#### ASSIGNMENT:
A verbatim copy is needed of the lines below from the one containing "Touch camera, left little." up to and including the one containing "A robot hand's", excluding pictures.

#### TASK DATA:
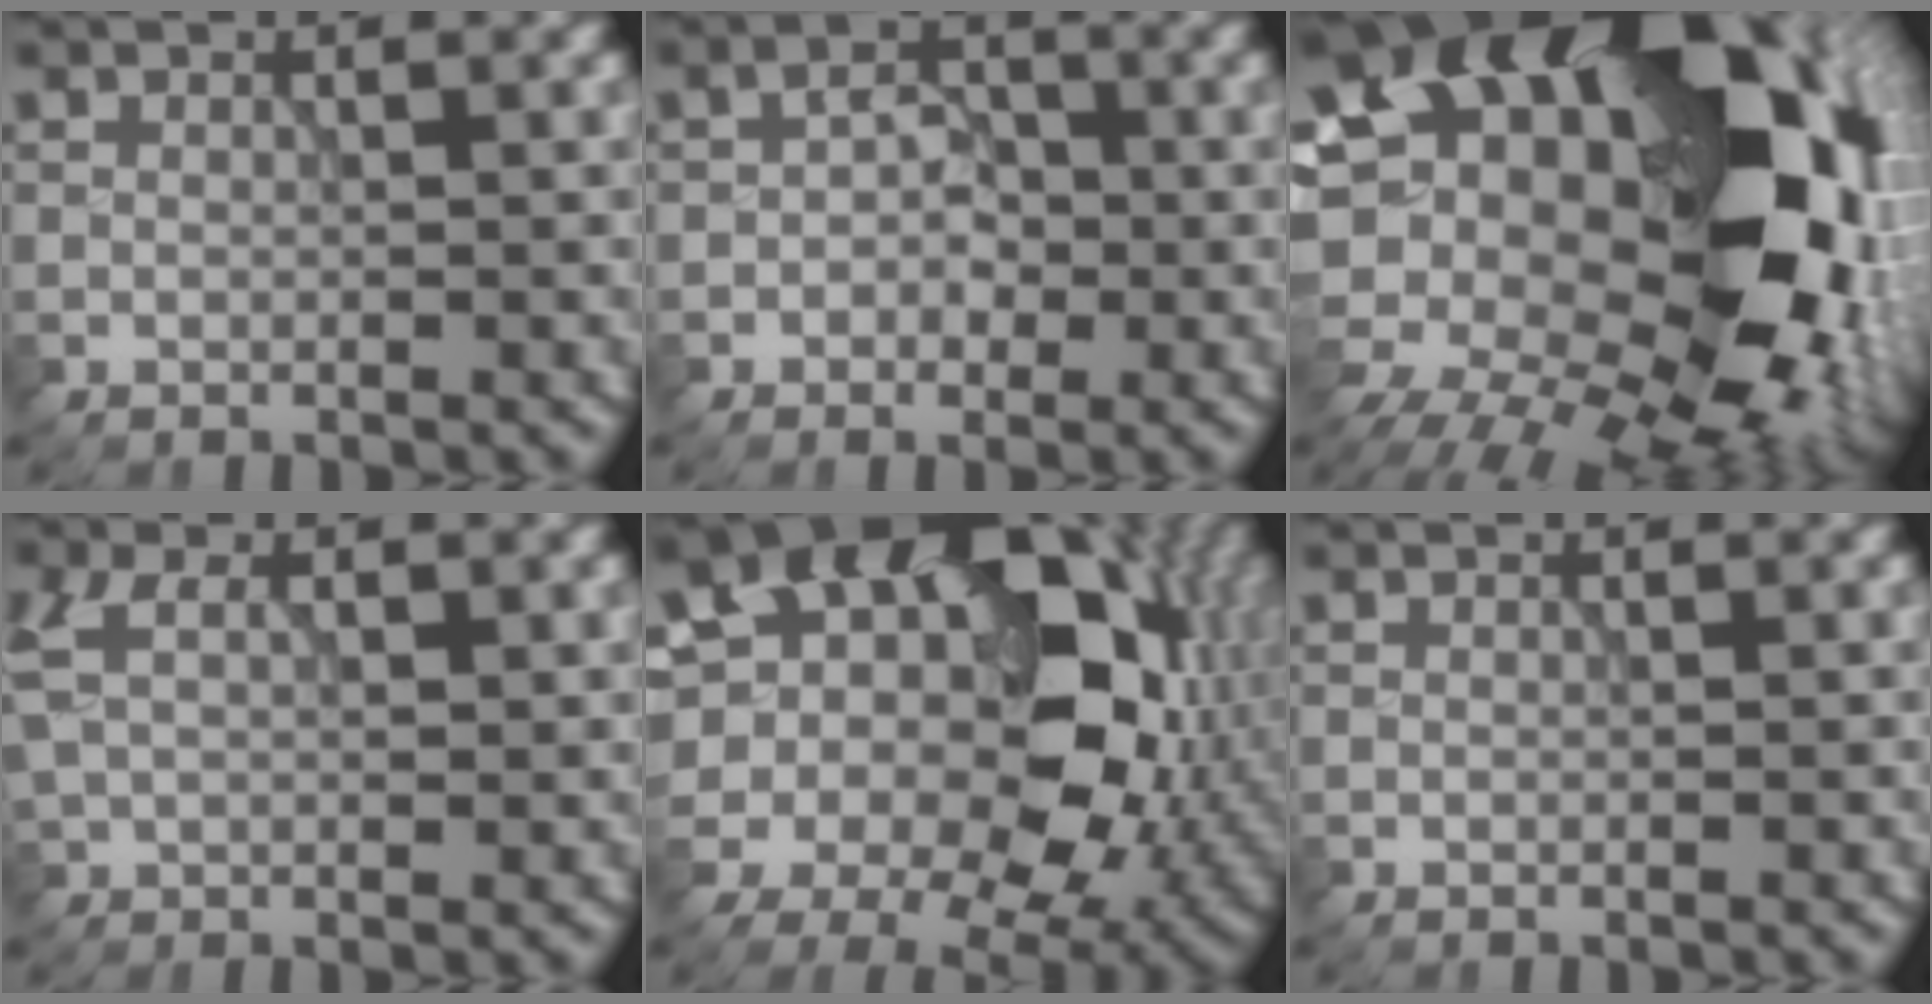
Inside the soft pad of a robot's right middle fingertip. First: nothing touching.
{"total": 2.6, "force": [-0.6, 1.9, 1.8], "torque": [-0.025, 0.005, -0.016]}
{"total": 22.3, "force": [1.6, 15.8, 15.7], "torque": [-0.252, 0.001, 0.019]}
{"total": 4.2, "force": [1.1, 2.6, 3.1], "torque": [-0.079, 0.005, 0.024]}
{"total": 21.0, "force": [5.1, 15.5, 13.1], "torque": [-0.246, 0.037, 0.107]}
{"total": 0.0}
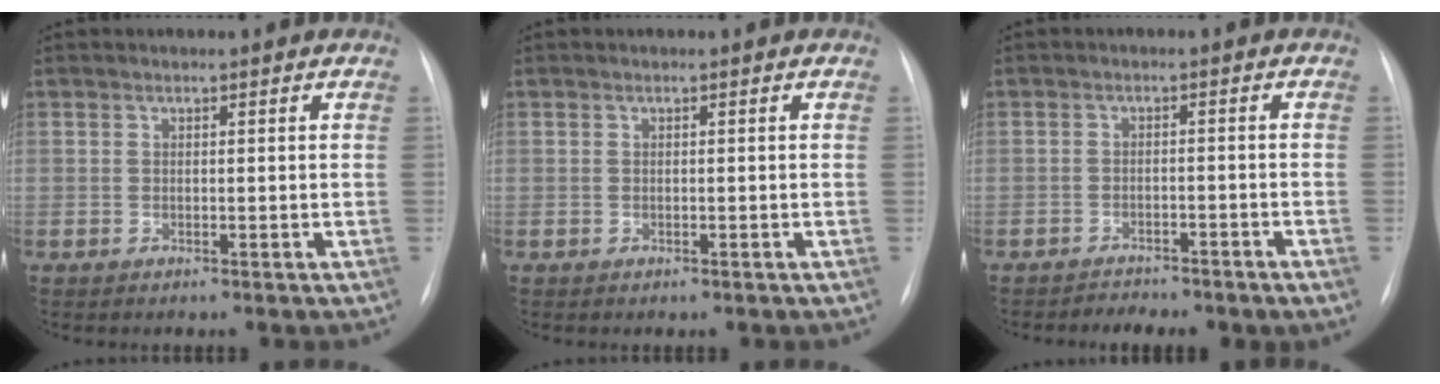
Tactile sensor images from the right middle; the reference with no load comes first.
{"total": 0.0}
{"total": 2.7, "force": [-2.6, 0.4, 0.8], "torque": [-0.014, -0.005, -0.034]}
==
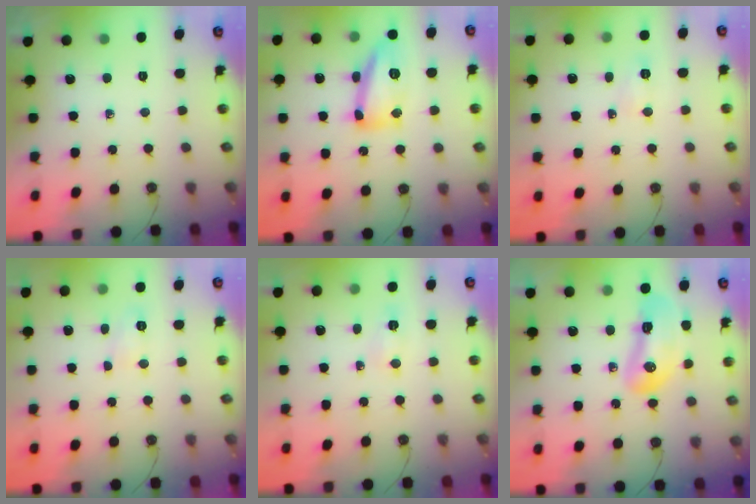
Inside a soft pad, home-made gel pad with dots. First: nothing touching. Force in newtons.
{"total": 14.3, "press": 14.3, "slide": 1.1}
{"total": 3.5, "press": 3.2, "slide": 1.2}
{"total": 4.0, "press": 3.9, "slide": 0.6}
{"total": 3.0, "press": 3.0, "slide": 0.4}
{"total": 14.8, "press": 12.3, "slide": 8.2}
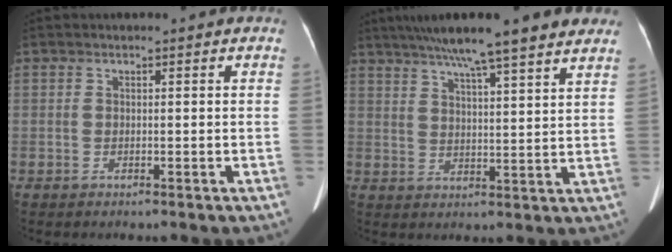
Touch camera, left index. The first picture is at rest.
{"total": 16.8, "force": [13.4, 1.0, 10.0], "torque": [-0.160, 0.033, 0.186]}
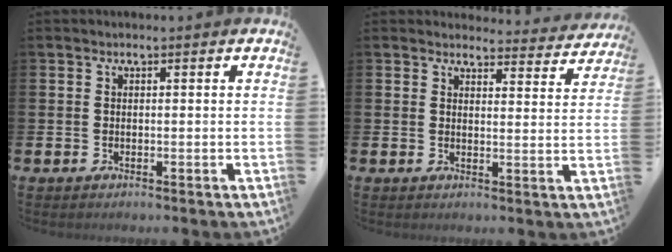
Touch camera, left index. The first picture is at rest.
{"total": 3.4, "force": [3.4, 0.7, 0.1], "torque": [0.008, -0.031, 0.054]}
==
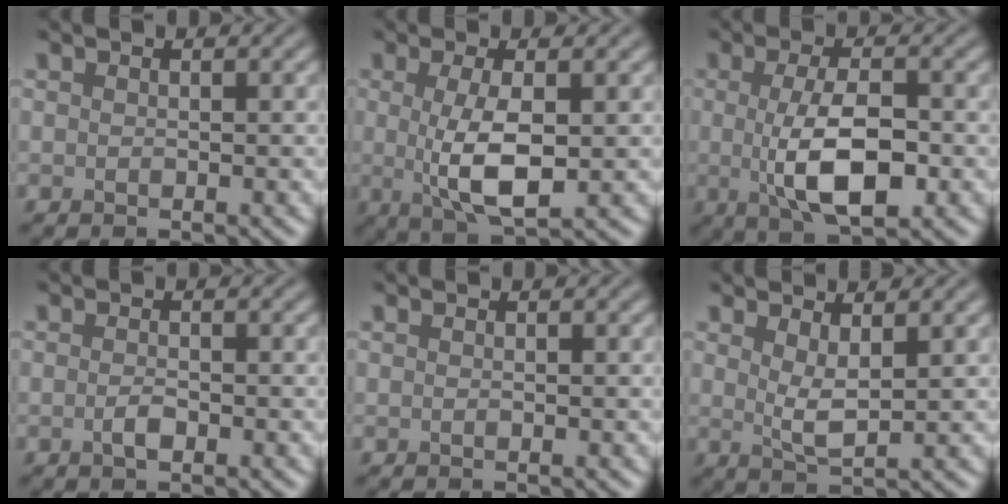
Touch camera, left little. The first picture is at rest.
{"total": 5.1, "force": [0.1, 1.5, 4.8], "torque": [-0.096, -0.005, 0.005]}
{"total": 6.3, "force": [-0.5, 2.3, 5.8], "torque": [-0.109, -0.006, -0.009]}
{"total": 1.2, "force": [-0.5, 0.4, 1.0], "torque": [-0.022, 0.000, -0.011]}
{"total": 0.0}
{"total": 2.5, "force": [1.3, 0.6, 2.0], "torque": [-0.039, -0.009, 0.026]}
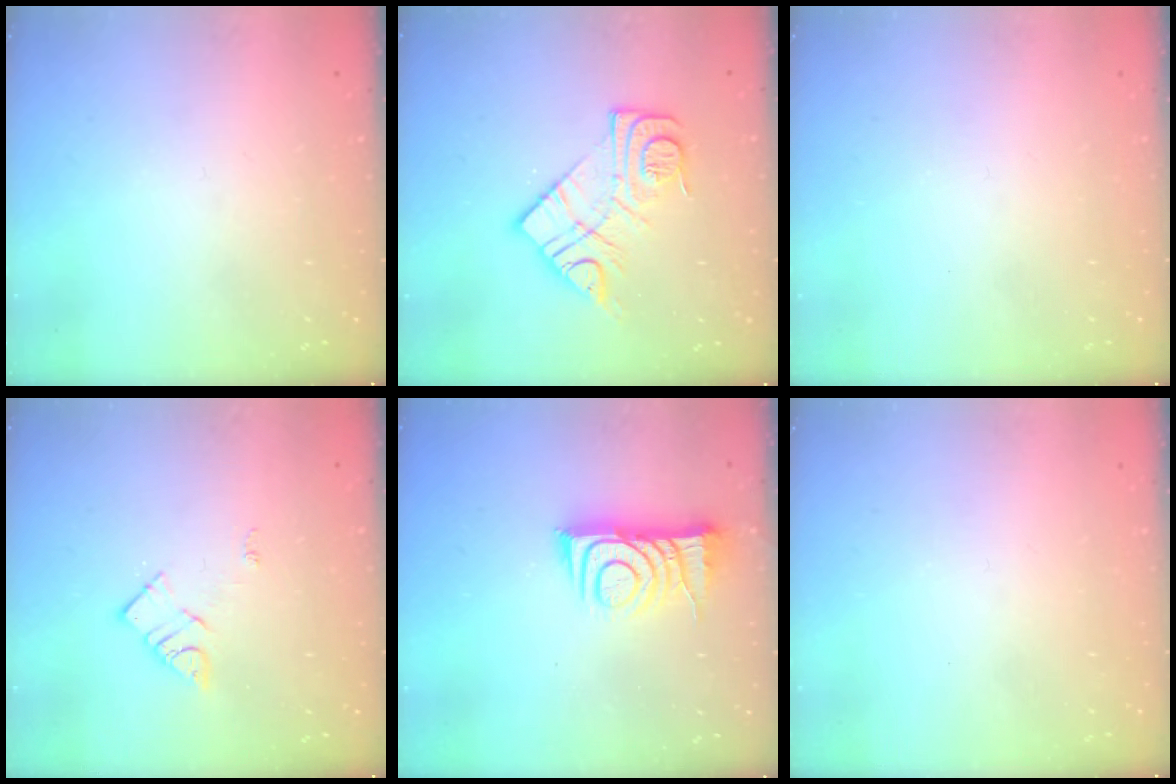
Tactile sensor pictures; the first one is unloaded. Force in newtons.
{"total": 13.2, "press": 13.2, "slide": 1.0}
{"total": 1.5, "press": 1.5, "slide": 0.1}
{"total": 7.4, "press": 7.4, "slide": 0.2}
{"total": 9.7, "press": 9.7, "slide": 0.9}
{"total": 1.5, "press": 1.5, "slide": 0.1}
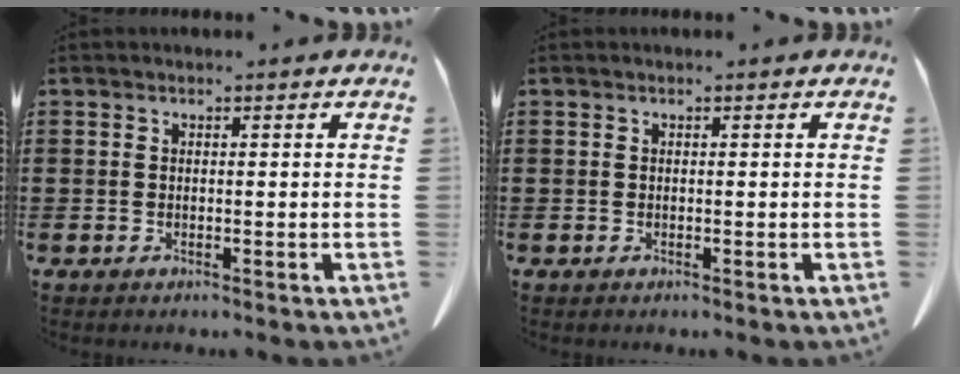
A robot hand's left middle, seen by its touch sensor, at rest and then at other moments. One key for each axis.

#### WRITTEN RESPONSE:
Touch camera, left little. The first picture is at rest.
{"total": 5.1, "force": [0.1, 1.5, 4.8], "torque": [-0.096, -0.005, 0.005]}
{"total": 6.3, "force": [-0.5, 2.3, 5.8], "torque": [-0.109, -0.006, -0.009]}
{"total": 1.2, "force": [-0.5, 0.4, 1.0], "torque": [-0.022, 0.000, -0.011]}
{"total": 0.0}
{"total": 2.5, "force": [1.3, 0.6, 2.0], "torque": [-0.039, -0.009, 0.026]}
Tactile sensor pictures; the first one is unloaded. Force in newtons.
{"total": 13.2, "press": 13.2, "slide": 1.0}
{"total": 1.5, "press": 1.5, "slide": 0.1}
{"total": 7.4, "press": 7.4, "slide": 0.2}
{"total": 9.7, "press": 9.7, "slide": 0.9}
{"total": 1.5, "press": 1.5, "slide": 0.1}
A robot hand's left middle, seen by its touch sensor, at rest and then at other moments. One key for each axis.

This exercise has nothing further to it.